• _Task objective_
Leave out every line before the one that contains "འབྱོར་བས་ས་ཡི་". Please restate that line and the rest of the data word for word, through the end.

• _Task inputs_
·····
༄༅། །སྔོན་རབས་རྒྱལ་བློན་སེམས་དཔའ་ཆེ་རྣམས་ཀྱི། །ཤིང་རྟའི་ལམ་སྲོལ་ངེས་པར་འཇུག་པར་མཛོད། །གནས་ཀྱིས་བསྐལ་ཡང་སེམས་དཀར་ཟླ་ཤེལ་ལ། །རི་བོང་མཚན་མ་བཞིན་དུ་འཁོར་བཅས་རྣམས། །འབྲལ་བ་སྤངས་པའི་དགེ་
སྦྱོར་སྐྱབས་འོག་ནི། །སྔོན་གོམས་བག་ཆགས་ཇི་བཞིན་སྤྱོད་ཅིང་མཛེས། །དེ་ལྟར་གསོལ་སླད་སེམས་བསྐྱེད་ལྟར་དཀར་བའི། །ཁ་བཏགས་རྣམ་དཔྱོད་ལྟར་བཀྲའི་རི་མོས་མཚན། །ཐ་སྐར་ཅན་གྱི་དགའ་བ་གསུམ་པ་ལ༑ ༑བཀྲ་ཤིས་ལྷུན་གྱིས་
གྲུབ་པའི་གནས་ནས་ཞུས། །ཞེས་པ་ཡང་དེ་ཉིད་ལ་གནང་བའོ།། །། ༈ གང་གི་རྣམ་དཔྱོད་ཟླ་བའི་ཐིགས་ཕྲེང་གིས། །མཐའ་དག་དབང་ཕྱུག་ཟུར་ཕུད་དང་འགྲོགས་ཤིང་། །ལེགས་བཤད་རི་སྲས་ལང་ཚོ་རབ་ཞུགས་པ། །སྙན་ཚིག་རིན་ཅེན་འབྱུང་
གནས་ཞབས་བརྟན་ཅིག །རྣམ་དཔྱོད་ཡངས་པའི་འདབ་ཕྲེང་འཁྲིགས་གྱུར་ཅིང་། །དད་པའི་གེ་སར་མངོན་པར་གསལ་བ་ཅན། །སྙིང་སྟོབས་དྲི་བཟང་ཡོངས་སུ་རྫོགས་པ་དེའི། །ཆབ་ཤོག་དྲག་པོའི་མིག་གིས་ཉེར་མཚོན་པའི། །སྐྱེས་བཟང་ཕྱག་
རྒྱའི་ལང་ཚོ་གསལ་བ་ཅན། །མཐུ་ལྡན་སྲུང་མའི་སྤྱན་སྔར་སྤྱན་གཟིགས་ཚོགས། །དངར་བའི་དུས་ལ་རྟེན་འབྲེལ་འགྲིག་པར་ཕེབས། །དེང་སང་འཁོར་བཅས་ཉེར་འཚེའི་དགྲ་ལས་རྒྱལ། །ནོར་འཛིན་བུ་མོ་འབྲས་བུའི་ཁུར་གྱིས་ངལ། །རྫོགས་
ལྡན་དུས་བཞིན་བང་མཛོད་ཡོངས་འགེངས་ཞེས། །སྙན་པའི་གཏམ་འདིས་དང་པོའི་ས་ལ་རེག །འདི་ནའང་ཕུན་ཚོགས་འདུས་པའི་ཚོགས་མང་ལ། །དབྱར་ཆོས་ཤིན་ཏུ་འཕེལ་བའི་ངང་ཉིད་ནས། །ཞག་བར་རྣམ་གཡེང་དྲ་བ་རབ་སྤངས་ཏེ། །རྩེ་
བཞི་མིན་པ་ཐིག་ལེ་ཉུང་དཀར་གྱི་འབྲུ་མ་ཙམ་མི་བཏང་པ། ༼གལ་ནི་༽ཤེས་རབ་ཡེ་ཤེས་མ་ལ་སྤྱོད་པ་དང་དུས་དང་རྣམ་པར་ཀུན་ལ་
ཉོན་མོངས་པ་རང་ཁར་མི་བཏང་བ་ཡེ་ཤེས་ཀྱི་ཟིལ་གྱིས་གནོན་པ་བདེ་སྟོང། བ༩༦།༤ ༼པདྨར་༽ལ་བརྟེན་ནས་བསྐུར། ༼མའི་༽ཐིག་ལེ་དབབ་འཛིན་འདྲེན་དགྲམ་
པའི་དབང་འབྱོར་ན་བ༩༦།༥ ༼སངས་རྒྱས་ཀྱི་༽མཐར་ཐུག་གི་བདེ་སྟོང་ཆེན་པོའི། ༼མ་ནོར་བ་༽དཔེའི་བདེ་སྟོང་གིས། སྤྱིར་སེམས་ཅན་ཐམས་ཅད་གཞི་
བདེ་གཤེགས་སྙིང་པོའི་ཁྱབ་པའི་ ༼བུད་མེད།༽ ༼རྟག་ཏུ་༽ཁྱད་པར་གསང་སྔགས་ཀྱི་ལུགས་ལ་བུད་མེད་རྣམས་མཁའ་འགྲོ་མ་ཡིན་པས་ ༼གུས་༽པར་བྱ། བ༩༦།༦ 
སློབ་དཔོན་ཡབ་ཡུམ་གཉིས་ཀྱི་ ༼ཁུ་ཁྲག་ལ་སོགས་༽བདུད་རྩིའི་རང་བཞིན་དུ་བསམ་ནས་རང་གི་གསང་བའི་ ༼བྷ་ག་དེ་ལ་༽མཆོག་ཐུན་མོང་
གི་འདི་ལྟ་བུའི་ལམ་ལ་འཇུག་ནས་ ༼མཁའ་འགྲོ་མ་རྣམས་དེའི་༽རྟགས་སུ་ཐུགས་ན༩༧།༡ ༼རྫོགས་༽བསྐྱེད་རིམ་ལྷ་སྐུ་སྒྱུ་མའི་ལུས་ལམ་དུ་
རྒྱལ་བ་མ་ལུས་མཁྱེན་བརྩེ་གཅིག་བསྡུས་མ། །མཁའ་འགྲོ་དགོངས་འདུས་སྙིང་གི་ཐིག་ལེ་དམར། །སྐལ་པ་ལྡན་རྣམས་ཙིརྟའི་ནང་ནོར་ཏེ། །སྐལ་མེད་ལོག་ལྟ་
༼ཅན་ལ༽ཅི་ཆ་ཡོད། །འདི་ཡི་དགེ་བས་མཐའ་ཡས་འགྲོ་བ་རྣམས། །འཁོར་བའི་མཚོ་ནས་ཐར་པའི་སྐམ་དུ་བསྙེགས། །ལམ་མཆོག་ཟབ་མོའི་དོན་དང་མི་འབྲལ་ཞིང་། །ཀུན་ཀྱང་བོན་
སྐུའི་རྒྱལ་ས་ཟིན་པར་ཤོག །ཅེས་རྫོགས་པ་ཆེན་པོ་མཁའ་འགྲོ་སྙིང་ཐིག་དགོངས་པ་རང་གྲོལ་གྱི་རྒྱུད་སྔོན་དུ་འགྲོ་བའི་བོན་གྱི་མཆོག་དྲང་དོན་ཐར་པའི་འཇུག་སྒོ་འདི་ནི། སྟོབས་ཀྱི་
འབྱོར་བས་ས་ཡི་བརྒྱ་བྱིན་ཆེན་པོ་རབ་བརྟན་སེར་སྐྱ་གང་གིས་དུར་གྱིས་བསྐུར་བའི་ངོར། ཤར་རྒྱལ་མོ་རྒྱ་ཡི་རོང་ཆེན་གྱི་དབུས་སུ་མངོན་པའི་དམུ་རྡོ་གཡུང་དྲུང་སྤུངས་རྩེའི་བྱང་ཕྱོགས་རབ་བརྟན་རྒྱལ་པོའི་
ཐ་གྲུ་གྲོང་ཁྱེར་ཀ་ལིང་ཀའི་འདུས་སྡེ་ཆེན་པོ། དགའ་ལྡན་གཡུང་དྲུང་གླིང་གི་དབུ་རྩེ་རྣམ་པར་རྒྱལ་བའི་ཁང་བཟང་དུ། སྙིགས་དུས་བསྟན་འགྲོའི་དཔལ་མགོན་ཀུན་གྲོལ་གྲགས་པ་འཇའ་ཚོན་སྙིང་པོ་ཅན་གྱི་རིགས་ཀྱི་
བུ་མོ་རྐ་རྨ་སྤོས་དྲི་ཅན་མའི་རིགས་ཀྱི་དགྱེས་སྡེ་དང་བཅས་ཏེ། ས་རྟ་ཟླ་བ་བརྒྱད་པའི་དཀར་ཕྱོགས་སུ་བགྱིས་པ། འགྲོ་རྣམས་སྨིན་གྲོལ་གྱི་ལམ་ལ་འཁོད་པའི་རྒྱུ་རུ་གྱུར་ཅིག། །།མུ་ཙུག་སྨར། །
·····
• _Response to this exercise_
འབྱོར་བས་ས་ཡི་བརྒྱ་བྱིན་ཆེན་པོ་རབ་བརྟན་སེར་སྐྱ་གང་གིས་དུར་གྱིས་བསྐུར་བའི་ངོར། ཤར་རྒྱལ་མོ་རྒྱ་ཡི་རོང་ཆེན་གྱི་དབུས་སུ་མངོན་པའི་དམུ་རྡོ་གཡུང་དྲུང་སྤུངས་རྩེའི་བྱང་ཕྱོགས་རབ་བརྟན་རྒྱལ་པོའི་
ཐ་གྲུ་གྲོང་ཁྱེར་ཀ་ལིང་ཀའི་འདུས་སྡེ་ཆེན་པོ། དགའ་ལྡན་གཡུང་དྲུང་གླིང་གི་དབུ་རྩེ་རྣམ་པར་རྒྱལ་བའི་ཁང་བཟང་དུ། སྙིགས་དུས་བསྟན་འགྲོའི་དཔལ་མགོན་ཀུན་གྲོལ་གྲགས་པ་འཇའ་ཚོན་སྙིང་པོ་ཅན་གྱི་རིགས་ཀྱི་
བུ་མོ་རྐ་རྨ་སྤོས་དྲི་ཅན་མའི་རིགས་ཀྱི་དགྱེས་སྡེ་དང་བཅས་ཏེ། ས་རྟ་ཟླ་བ་བརྒྱད་པའི་དཀར་ཕྱོགས་སུ་བགྱིས་པ། འགྲོ་རྣམས་སྨིན་གྲོལ་གྱི་ལམ་ལ་འཁོད་པའི་རྒྱུ་རུ་གྱུར་ཅིག། །།མུ་ཙུག་སྨར། །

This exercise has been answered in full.